🤖 AI Summary
Trajectory optimization for redundant manipulators is often inefficient due to poor initial trajectories, large search spaces, and the absence of prior knowledge regarding configuration-space constraints. To address this, this work proposes an example-guided reinforcement learning approach that, for the first time, effectively incorporates motion feasibility constraints from expert demonstrations into a reinforcement learning framework through a null-space projection imitation reward mechanism. This enables efficient modeling and exploitation of configuration-space constraints, significantly improving trajectory optimality, computational efficiency, and practical feasibility. Extensive simulations and real-world experiments on a seven-degree-of-freedom manipulator demonstrate that the proposed method outperforms three baseline approaches in path-following tasks.
📝 Abstract
Trajectory optimization (TO) is an efficient tool to generate a redundant manipulator's joint trajectory following a 6-dimensional Cartesian path. The optimization performance largely depends on the quality of initial trajectories. However, the selection of a high-quality initial trajectory is non-trivial and requires a considerable time budget due to the extremely large space of the solution trajectories and the lack of prior knowledge about task constraints in configuration space.

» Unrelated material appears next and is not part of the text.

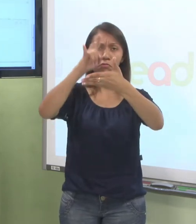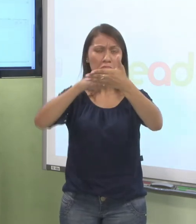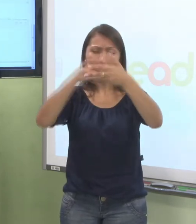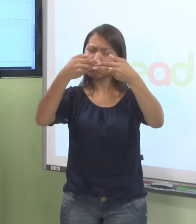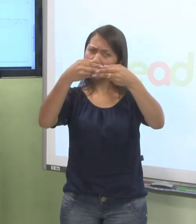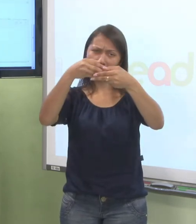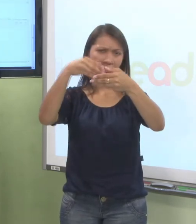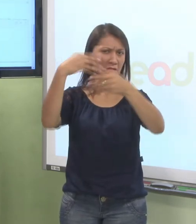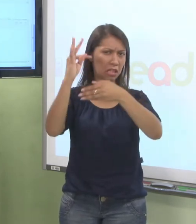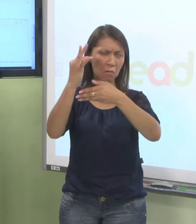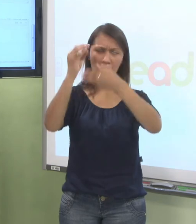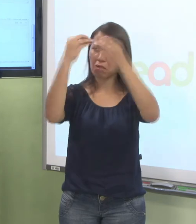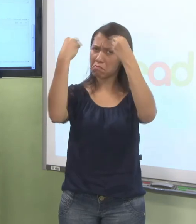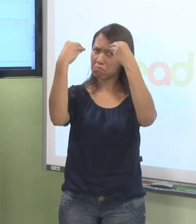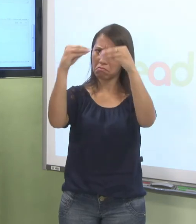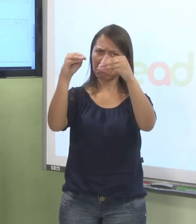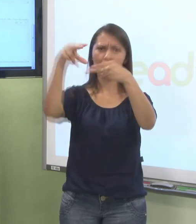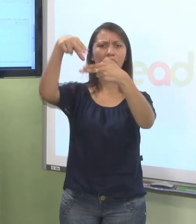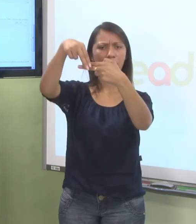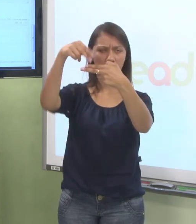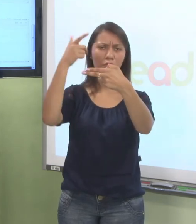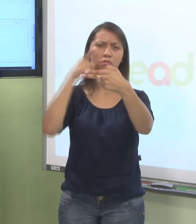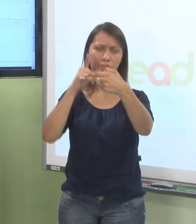Feito tudo isso aqui, você pode enviar a mensagem ao fórum.
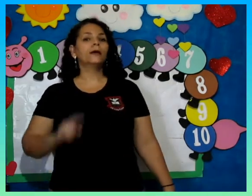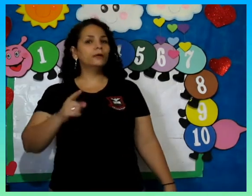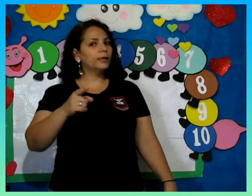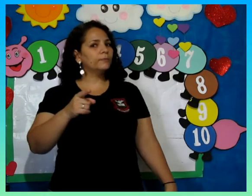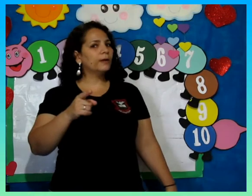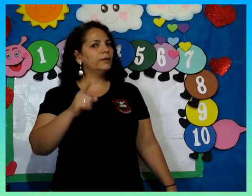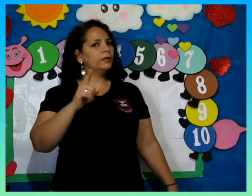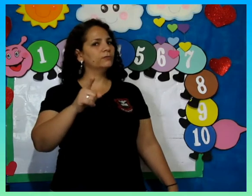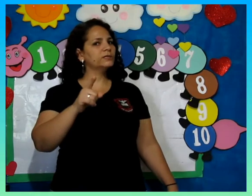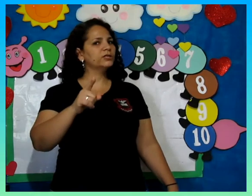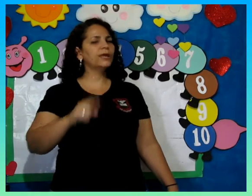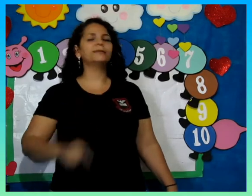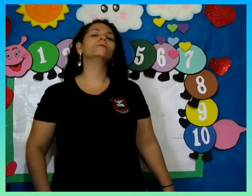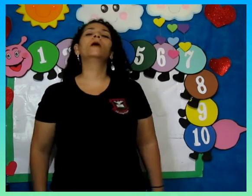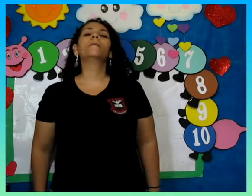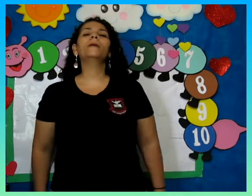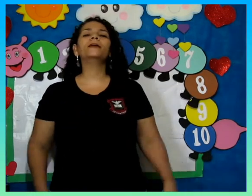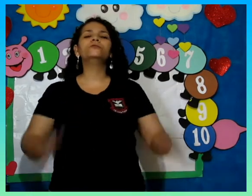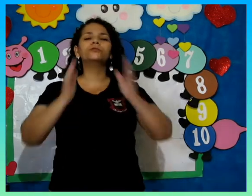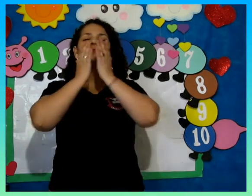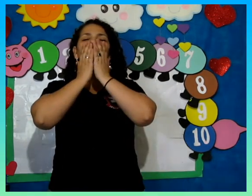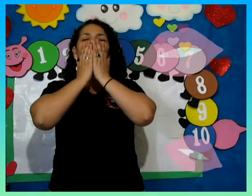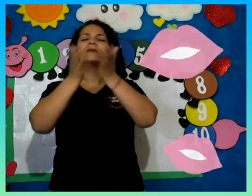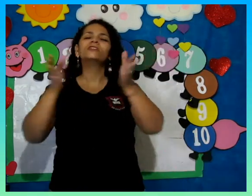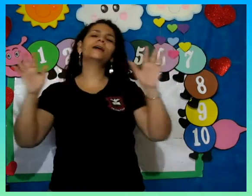cantem pra mim, não se esqueçam. Beijos, tchau!

To alleviate the issue, we present a learning-based initial trajectory generation method that generates high-quality initial trajectories in a short time budget by adopting example-guided reinforcement learning. In addition, we suggest a null-space projected imitation reward to consider null-space constraints by efficiently learning kinematically feasible motion captured in expert demonstrations. Our statistical evaluation in simulation shows the improved optimality, efficiency, and applicability of TO when we plug in our method's output, compared with three other baselines. We also show the performance improvement and feasibility via real-world experiments with a seven-degree-of-freedom manipulator.